I'm really not much use to you, I have pasture. My point was only that just because they're pregnant, doesn't mean they need grain. 

There are people here that don't feed grain, but do feed hay. Hopefully they'll chime in.


----------



## birchtreefarm (Jul 22, 2007)

MechanicalBird said:


> How much hay are you feeding per head?



What breed of sheep are they/how big are they? Sheep should get 2-3% of body weight in hay per day. So a 100lb sheep should get 2-3lbs of hay, minimum. A lot depends though on the quality of the hay. Poor quality first cutting means feeding a lot more because they will pick their way around the tough stemmy bits. We feed only second cutting, and try to get something with at least some clover or alfalfa mixed in. Doesn't need to be pure alfalfa (although they would certainly love that!).

We have Icelandics and aim for 5lbs of hay per head per day. When we were breeding, if the hay was good enough, no additional feed was needed. When the hay was not good enough, we fed 16% sheep pellets, alfalfa pellets, soybean meal, sunflower seed (black oil), beet pulp pellets; usually a mix of any of the above.

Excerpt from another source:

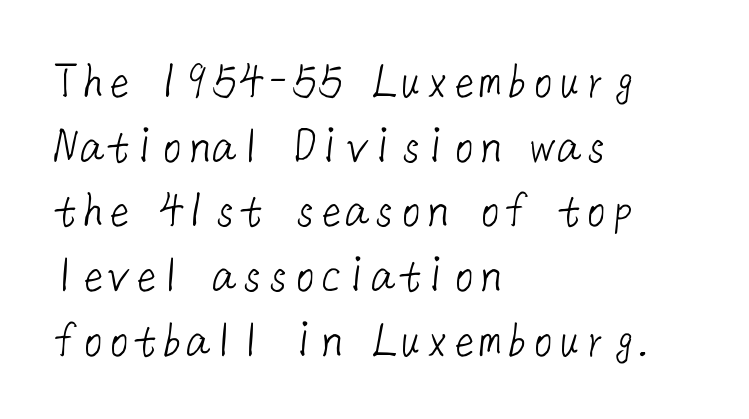
The image shows 53 px light sans-serif type; set left-aligned, line spacing 1.22x, normal letter spacing, not underlined; low stroke contrast and a medium x-height.
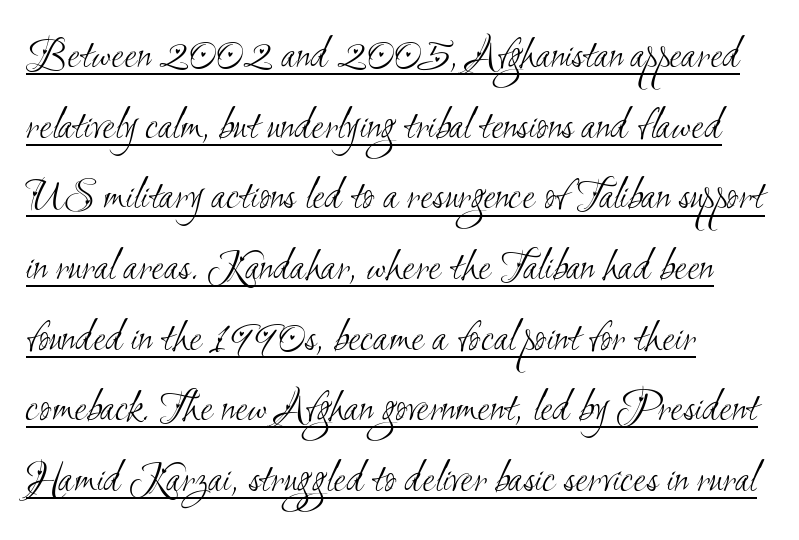
The image shows 45 px light, condensed sans-serif type; set left-aligned, normal line spacing (1.57x), normal letter spacing, underlined; medium stroke contrast and a small x-height.

Best thing is to get your hay tested so you know what protein levels you have. 

Dairy One can do forage testing: http://www.dairyone.com/ or check with your local extension office.

MSU has a free sheep ration calculation site (need to sign up for a free PIN):
http://www.msusheepration.montana.edu/Account/Login.aspx?ReturnUrl=/login.aspx

Then you can plug in your hay testing results, pick the sex/age of sheep you are feeding, and see if the hay is good enough or if you need to add something.


----------



## Cook-Family (Apr 29, 2014)

How much experience do you have with livestock and hay? I'm not trying to be a wise-guy, it's just that the sheep may be telling you something about the hay. Did you harvest the hay, or buy it? Purchased hay could have been sprayed with a herbicide for weeds, and then not had enough rain to rinse it from the hay before cutting. I could be extremely poor quality. I have bought bales that appeared fine to me, by they would barely pick at it. Found a different source of hay, and they began eating it as I pulled it from the truck.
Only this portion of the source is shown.